The forces on the block of mass m₁ are its weight m₁g, normal reaction from the inclined plane N₁, and the reaction from the second block R.

Similarly, forces on the block of mass m₂ are m₂g, N₂, R, and the frictional force f. If $$\theta$$ is slowly increased, f starts increasing and attains its maximum value f = $$\mu$$N₂ at $$\theta$$ = $$\theta$$_r (angle of repose). The blocks are stationary if $$\theta$$ $$\le$$ $$\theta$$_r otherwise they are moving. Consider the limiting case, $$\theta$$ = $$\theta$$_r, when the blocks are at rest and

$$f = \mu {N_2}$$ ...... (1)

Apply Newton's second law to m₁,

$$R = {m_1}g\sin \theta $$ ....... (2)

$${N_1} = R = {m_2}g\cos \theta $$ ....... (3)

and to m₂,

$$f = R + {m_2}g\sin \theta $$ ...... (4)

$${N_2} = {m_1}g\cos \theta $$ ...... (5)

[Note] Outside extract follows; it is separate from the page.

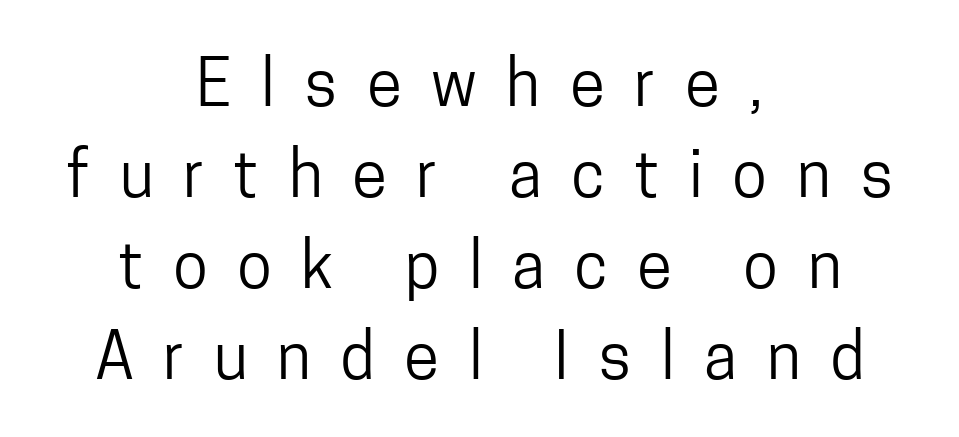
Visually the block forms a symmetrical silhouette, jagged on both flanks. Display-style spreading of the glyphs; the letterfit is very open. Weight: not bold — regular or lighter. Has an underline been added? It has not. Think of a printed novel: that variable character pitch is what you see here. In terms of leading, this rendering sits right in the middle.

Eliminate R, N₂ and f from equations (1)-(5) to get

$${\theta _r} = {\tan ^{ - 1}}\left( {{{\mu {m_2}} \over {{m_1} + {m_2}}}} \right) = {\tan ^{ - 1}}\left( {{{0.3 \times 2} \over {1 + 2}}} \right)$$

$$ = {\tan ^{ - 1}}(0.2) = 11.5^\circ $$

Thus, for $$\theta$$ = 5$$^\circ$$ and $$\theta$$ = 10$$^\circ$$, blocks are at rest with frictional force

$$f = R + {m_2}g\sin \theta = ({m_1} + {m_2})g\sin \theta $$

For $$\theta$$ = 15$$^\circ$$ and $$\theta$$ = 20$$^\circ$$, blocks are moving with frictional force

$$f = \mu {N_2} = \mu {m_2}g\cos \theta $$, (limiting value).